Stored data entries:

---

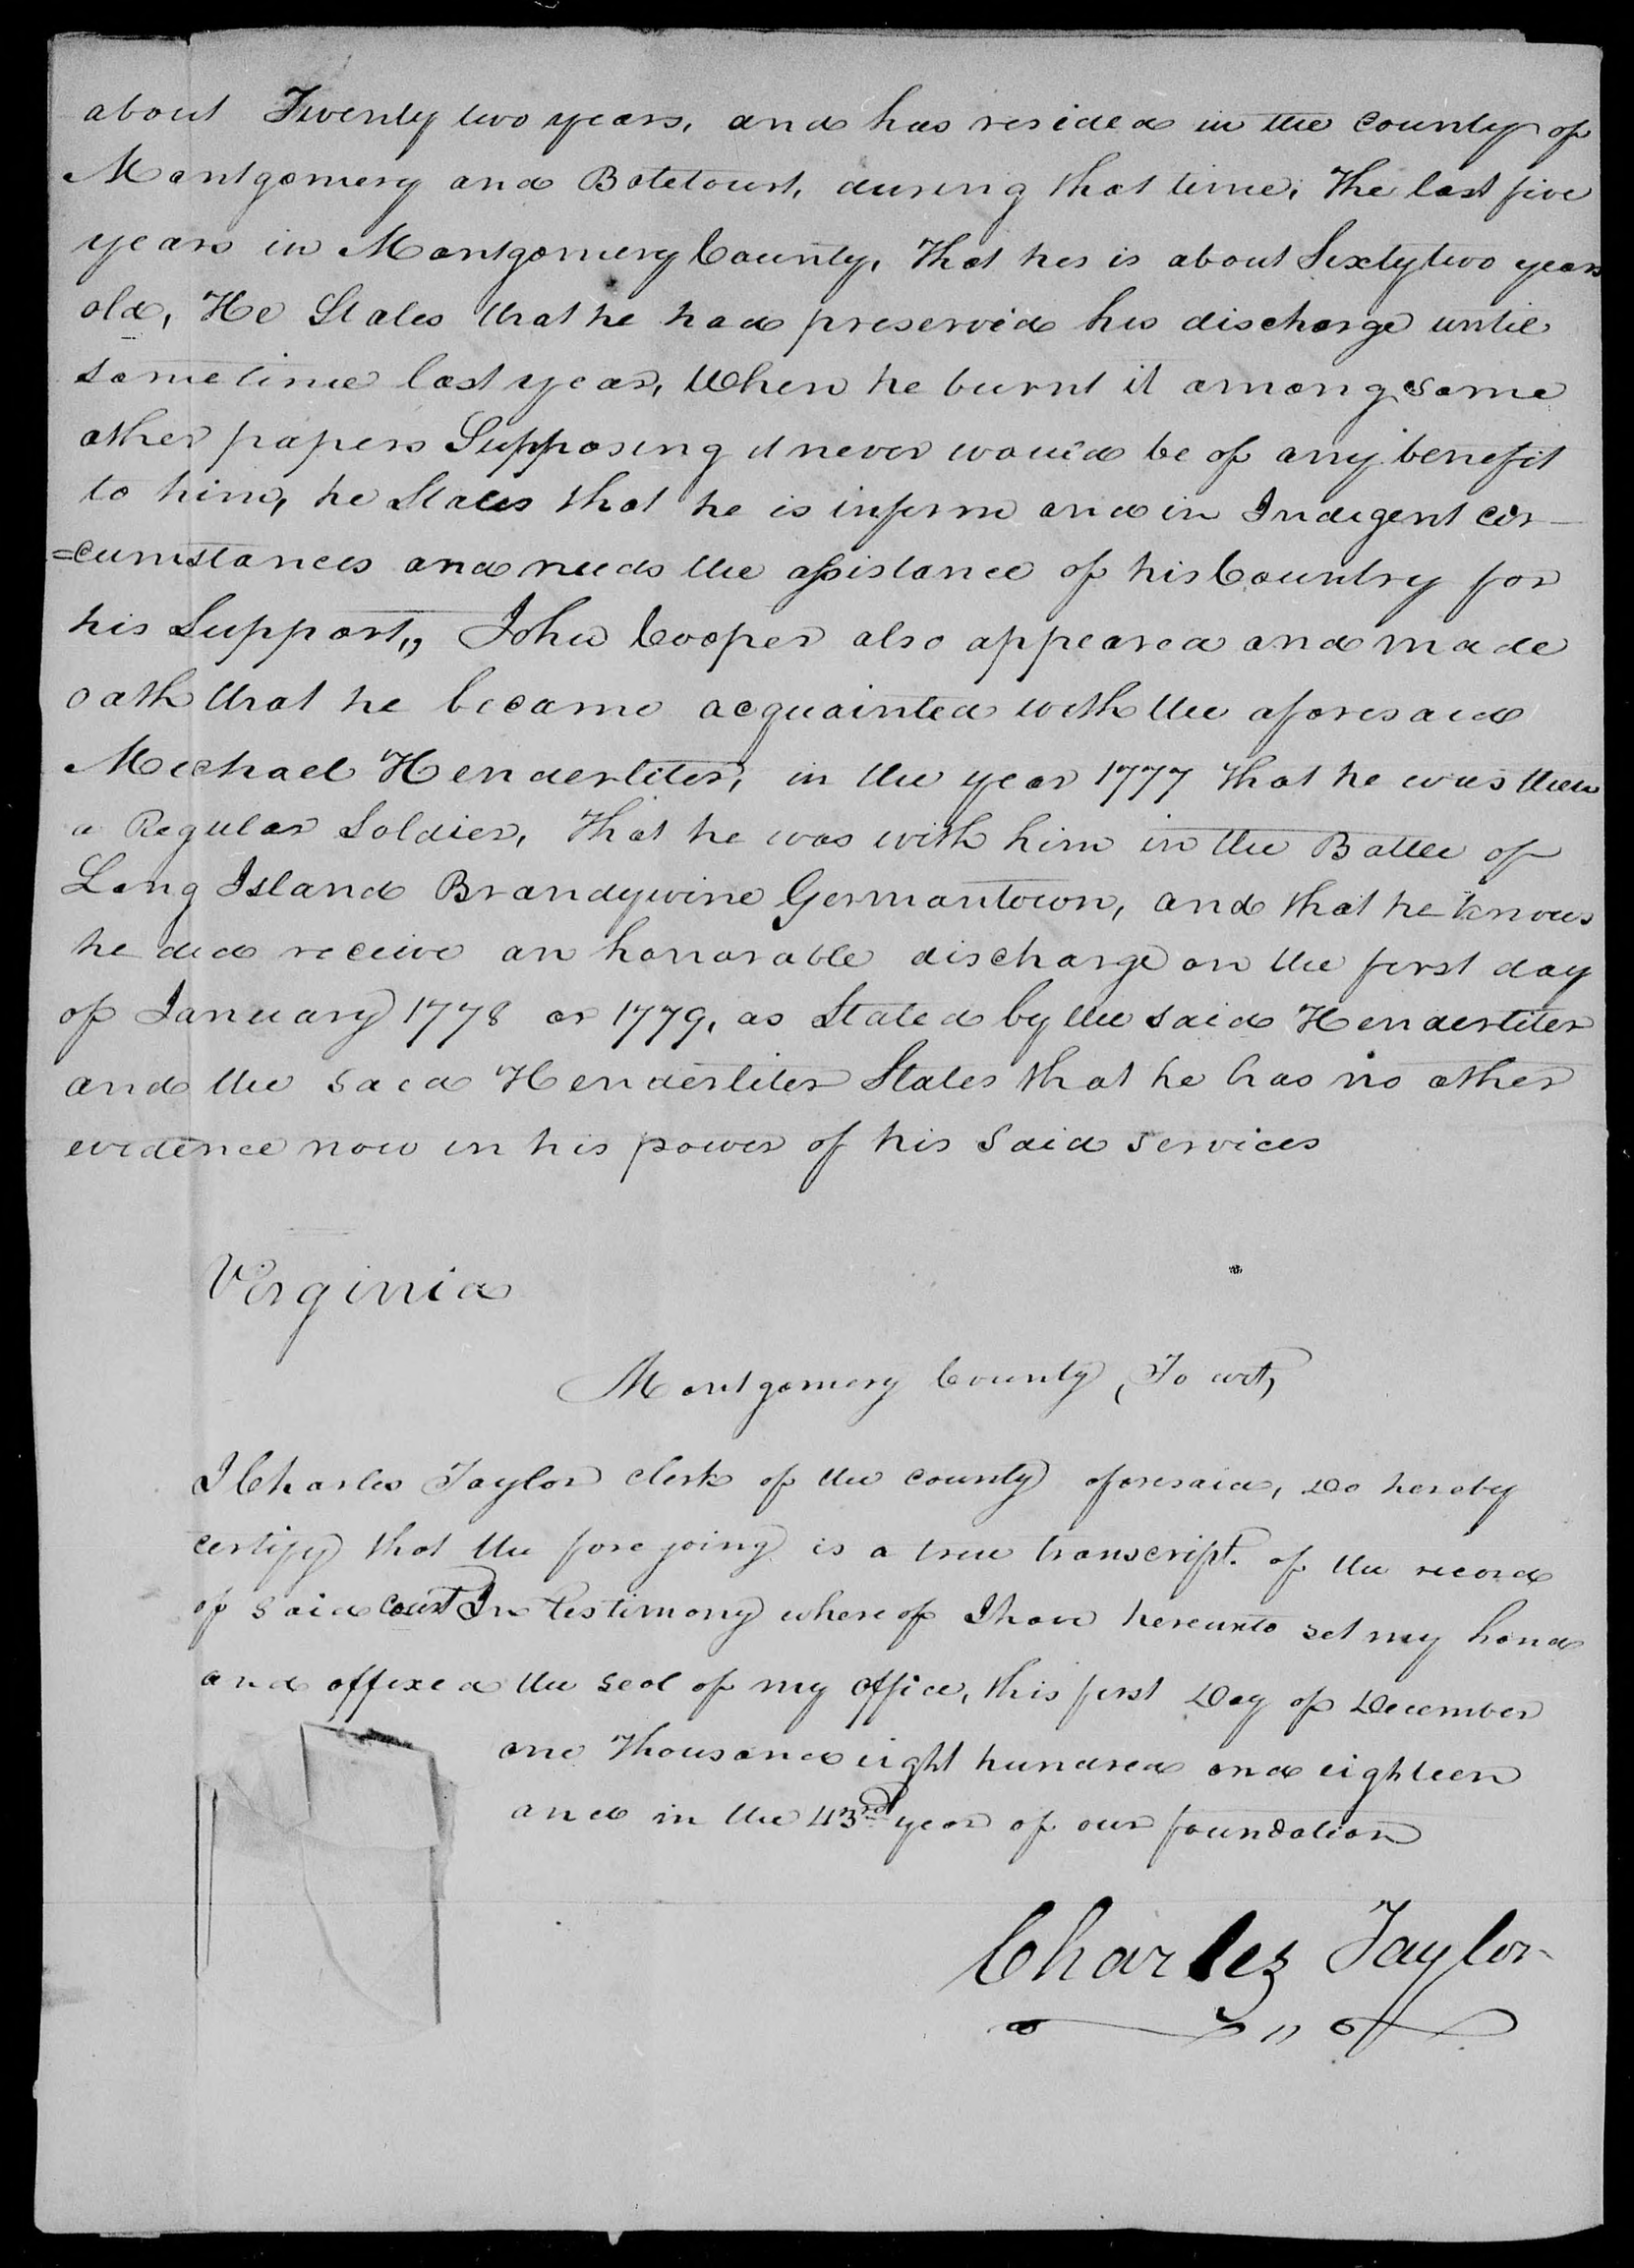about twenty two years, Ana has resided in the county of Montgomery and [illegible], during that time, the last five years in Montgomery. That his is about sixty-two years old. He states that he had preserved his discharge until sometime last year, when he burnt it among some other papers supposing it never would be of any benefit to him. He states that he is infirm and in indigent circumstances and needs the assistance of his country for his support. John Cooper also appeared and made path that he became acquainted with the aforesaid in Regular Soldier, that he was with him in the Battle of Long Island Brandywine Germantown, and that he knows he did receive an honorable discharge in the first day January 1778 or 1779 as stated by the said Henderliter and the said Henderliter states that he has no other evidence now in his power of his said services.
Virginia
Montgomery County, to wit,
I, Charles Taylor, clerk of the county aforesaid, do hereby certify that the forejoining is a true transcript of the record of said account. The testimony whereof I have hereunto set my honor, and affixed the seal of my office, this first day of December one thousand eight hundred and eighteen and in the 43rd year of our foundation.
Charles Taylor

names: Henderliter, Henderliter, Charles Taylor, Charles Taylor, Michael Henderliter, John Cooper
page: 5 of 15
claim: survivor's
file: S. 38016, Michael Henderliter, Penn.

---

The answer must be the line containing "Montgomery County, to" and every line after it to the end of the records, repeated exactly.

RESPONSE:
Montgomery County, to wit,
I, Charles Taylor, clerk of the county aforesaid, do hereby certify that the forejoining is a true transcript of the record of said account. The testimony whereof I have hereunto set my honor, and affixed the seal of my office, this first day of December one thousand eight hundred and eighteen and in the 43rd year of our foundation.
Charles Taylor

names: Henderliter, Henderliter, Charles Taylor, Charles Taylor, Michael Henderliter, John Cooper
page: 5 of 15
claim: survivor's
file: S. 38016, Michael Henderliter, Penn.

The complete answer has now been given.